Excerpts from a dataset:
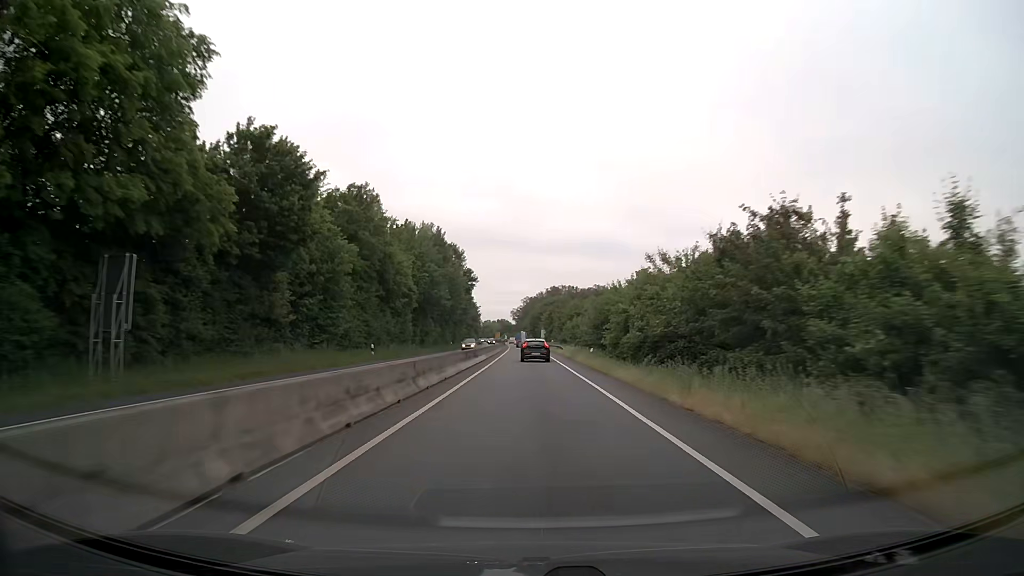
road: trunk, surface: asphalt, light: Day
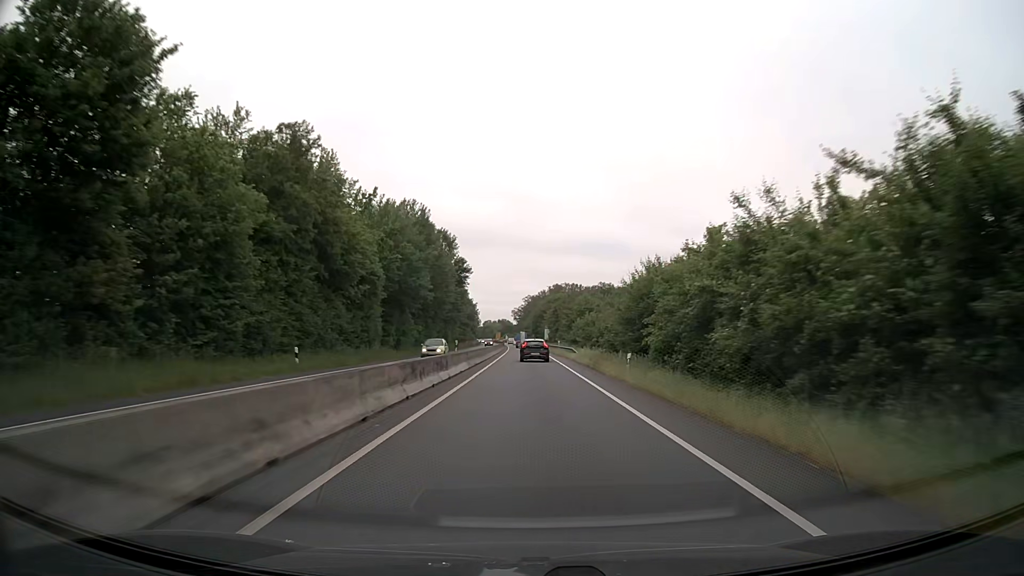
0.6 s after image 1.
(0.0, +15.3) m; 0°
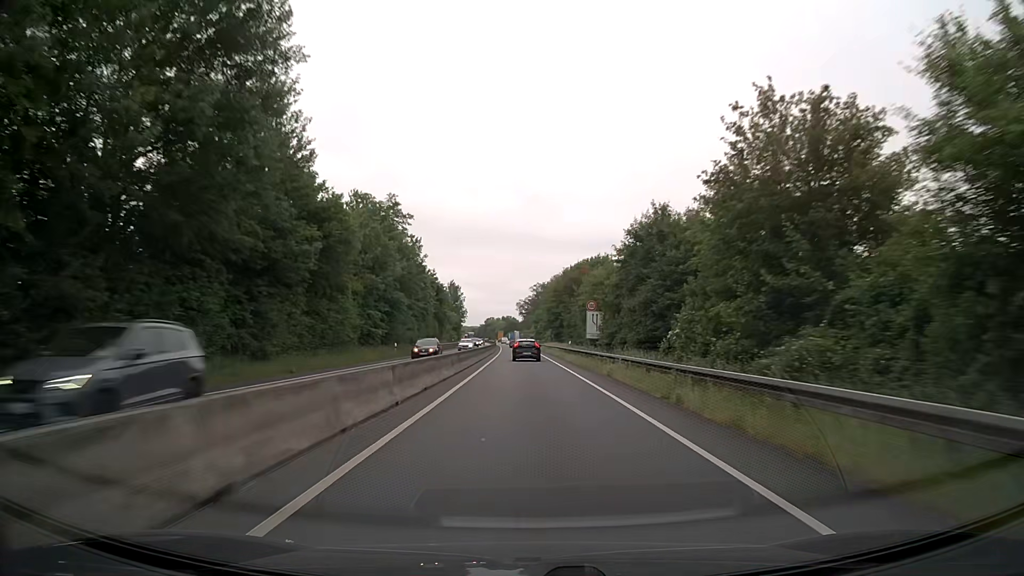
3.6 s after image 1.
(-0.4, +77.9) m; -1°
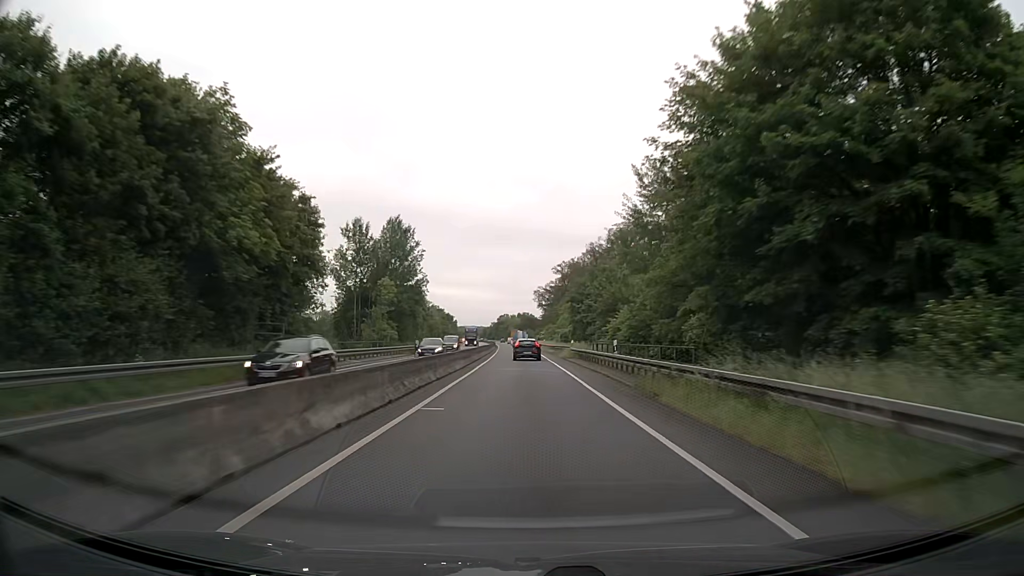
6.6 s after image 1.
(-1.0, +80.1) m; -2°
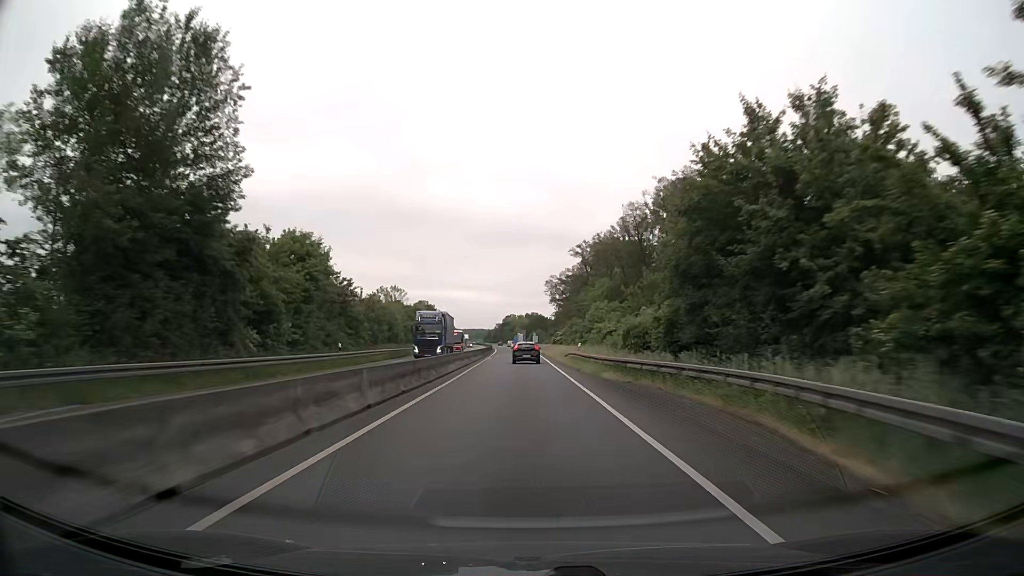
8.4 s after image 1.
(-0.2, +49.1) m; -1°
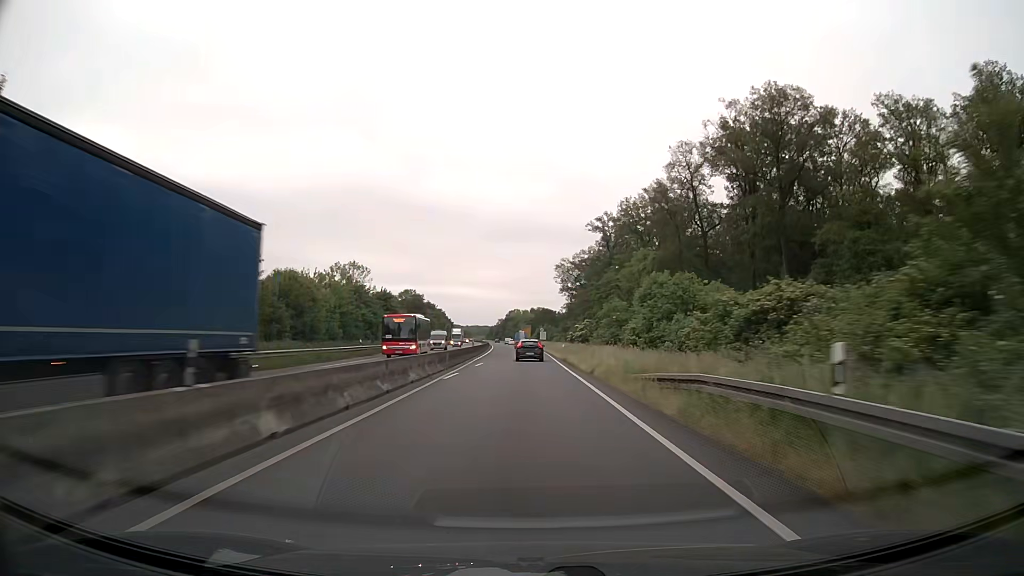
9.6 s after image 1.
(-0.2, +33.0) m; 0°
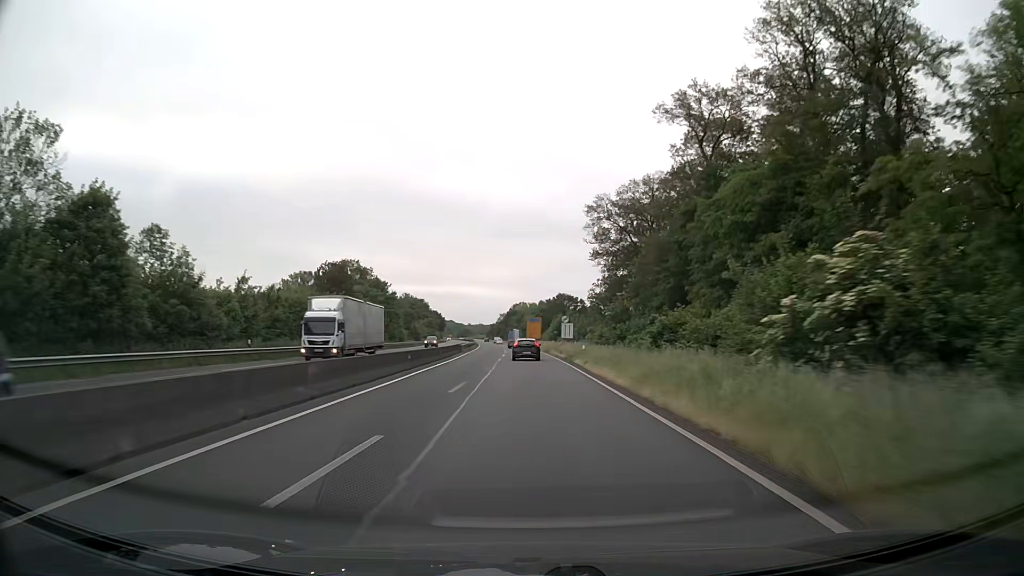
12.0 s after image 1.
(-0.2, +66.6) m; -1°
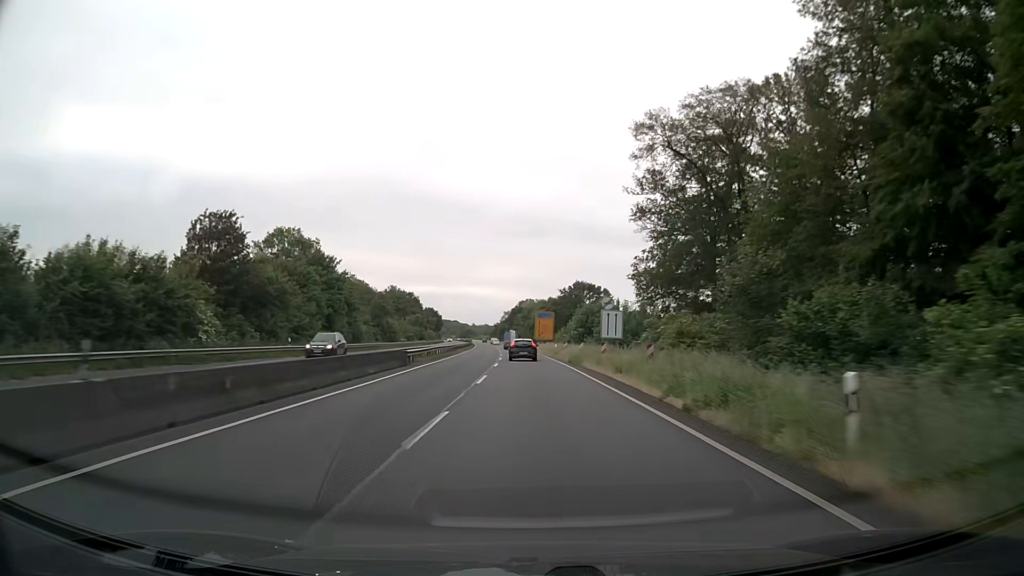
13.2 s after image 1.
(-0.1, +33.5) m; -1°
(0, +10) (0, +20) (0, +30) (0, +40) (0, +50) (-1, +60) (-1, +70) (-2, +80) (-2, +90) (-3, +100) m

__What to produce__
Repeat the records above exactly. No pictures go into the repeat.

__Final answer__
road: trunk, surface: asphalt, light: Day
0.6 s after image 1.
(0.0, +15.3) m; 0°
3.6 s after image 1.
(-0.4, +77.9) m; -1°
6.6 s after image 1.
(-1.0, +80.1) m; -2°
8.4 s after image 1.
(-0.2, +49.1) m; -1°
9.6 s after image 1.
(-0.2, +33.0) m; 0°
12.0 s after image 1.
(-0.2, +66.6) m; -1°
13.2 s after image 1.
(-0.1, +33.5) m; -1°
(0, +10) (0, +20) (0, +30) (0, +40) (0, +50) (-1, +60) (-1, +70) (-2, +80) (-2, +90) (-3, +100) m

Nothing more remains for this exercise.